Not quite as heart-wrenching as the original version, this remake is still pretty good and does benefit from being filmed in color. Wyman is Helen Phillips, a blind woman, and Hudson is Bob Merrick, the cad who becomes her savior. Merrick is partly responsible for the accidental death of
Helen's husband, a man who was revered in the community as a combination of Dr. Kildare, Ben Casey, and every other angel of mercy ever seen. After the doctor's demise, Bob attempts to apologize, and Helen, avoiding him, is blinded in an accident. With Rudolph (Kruger), a friend of the late, great
physician, egging him on, Bob forsakes his wastrel ways and decides to dedicate himself to medicine. Without revealing his true identity, he contacts Helen, and their relationship soon becomes a loving one. When she finds out who he is, she departs. Much later, though, Bob is given an incredible
opportunity to save Helen and redeem himself for his past peccadilloes.
A film requiring as many Kleenex as you can spare, this unabashed appeal to the tear ducts does not fail in its efforts.
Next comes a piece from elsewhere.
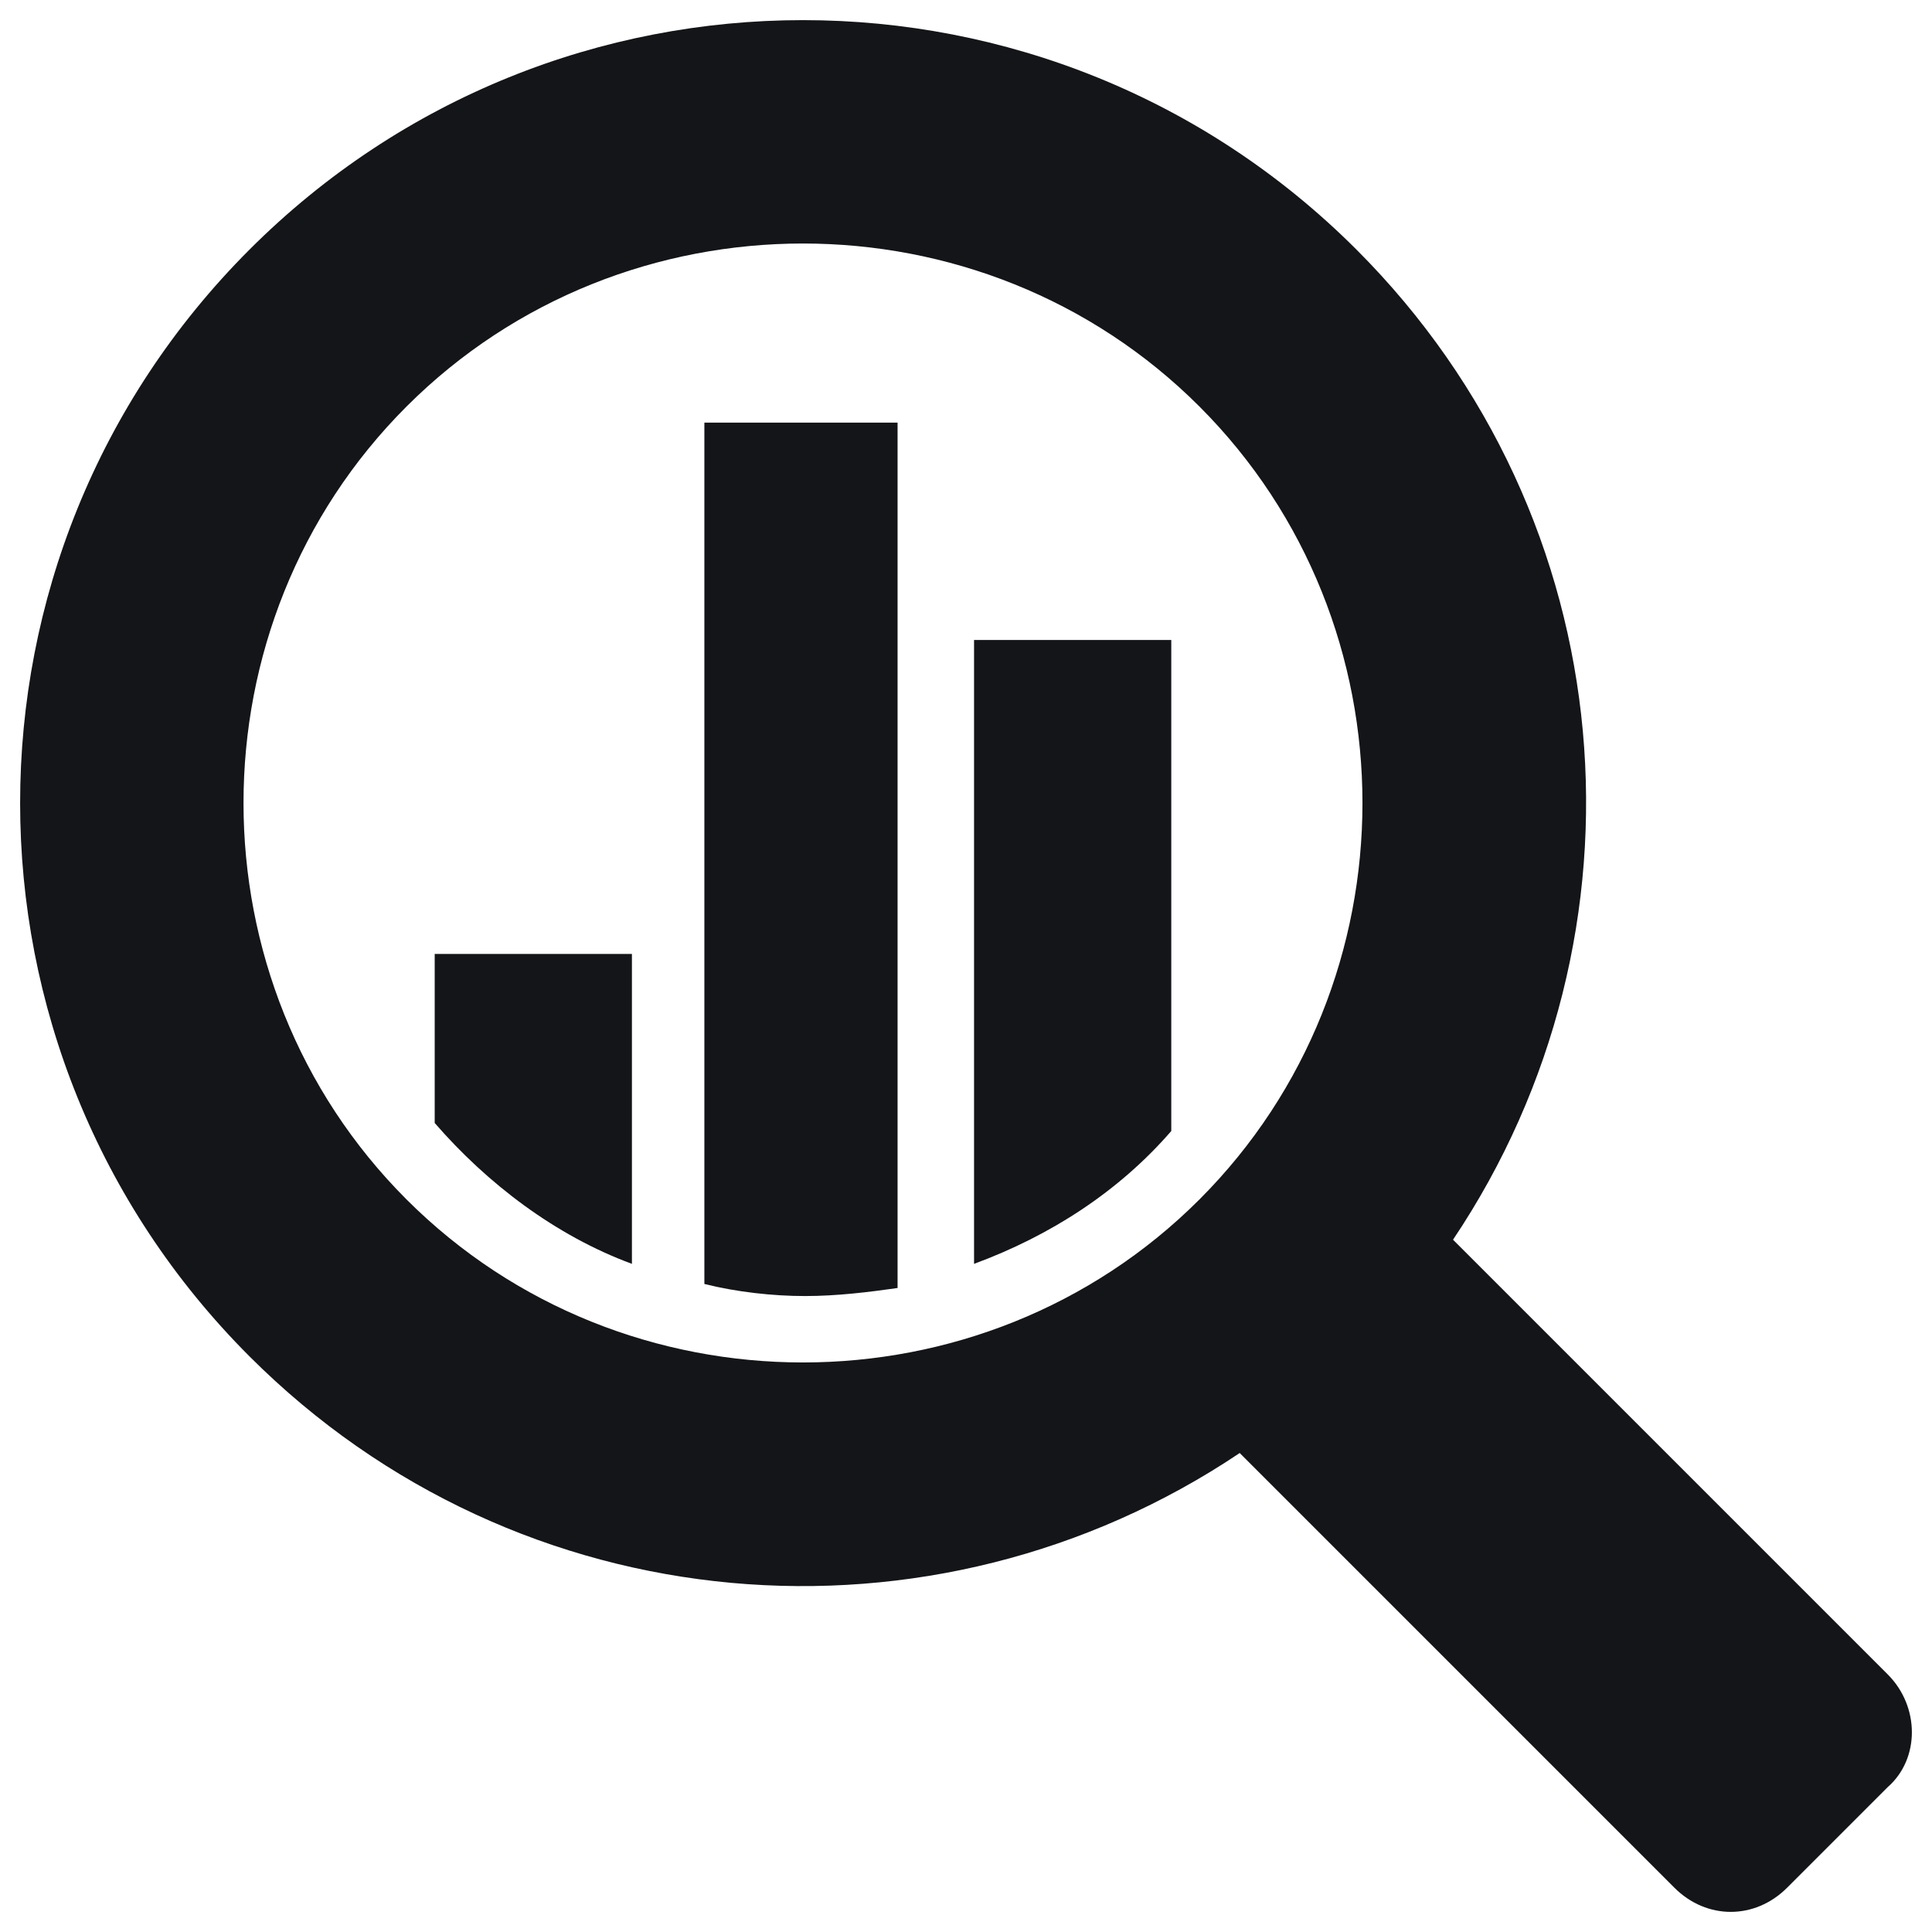 <svg xmlns="http://www.w3.org/2000/svg" fill="none" viewBox="0 0 36 36"><g fill="#141518" clip-path="url(#a)"><path d="m35.175 31.2-8.1-8.1c3.825-5.7 3.225-13.425-1.8-18.45-5.7-5.7-14.925-5.7-20.625 0-5.7 5.7-5.7 14.925 0 20.625C9.675 30.3 17.4 30.9 23.1 27.075l8.1 8.1c.6.6 1.5.6 2.1 0l1.875-1.875c.6-.525.6-1.5 0-2.1ZM22.35 22.35c-4.05 4.05-10.725 4.05-14.775 0-4.05-4.05-4.05-10.725 0-14.775 4.05-4.05 10.725-4.05 14.775 0 4.05 4.05 4.05 10.725 0 14.775Z"></path><path d="M8.1 17.775v3.15c.975 1.125 2.25 2.1 3.675 2.625v-5.775H8.1Zm5.025-9.9v16.05c.6.15 1.275.225 1.875.225.6 0 1.2-.075 1.725-.15V7.875h-3.6Zm8.7 13.2v-9.15H18.15V23.55c1.425-.525 2.7-1.35 3.675-2.475Z"></path></g><defs><clipPath id="a"><path d="M0 0h36v36H0z" fill="#fff"></path></clipPath></defs></svg>

Director Douglas Sirk made only a few more films before retiring to Munich in 1959, just before he turned 60. He brings to this effort the same combination of overblown,
indulgent melodramatics and distanced perspective which would mark his masterpiece, IMITATION OF LIFE. Notable also as the film which really put Rock Hudson on top and gave the first inklings that he might be able to act if sufficiently prodded, MAGNIFICENT OBSESSION really relies on Wyman's
womanly, Oscar-nominated assurance to put this stuff over.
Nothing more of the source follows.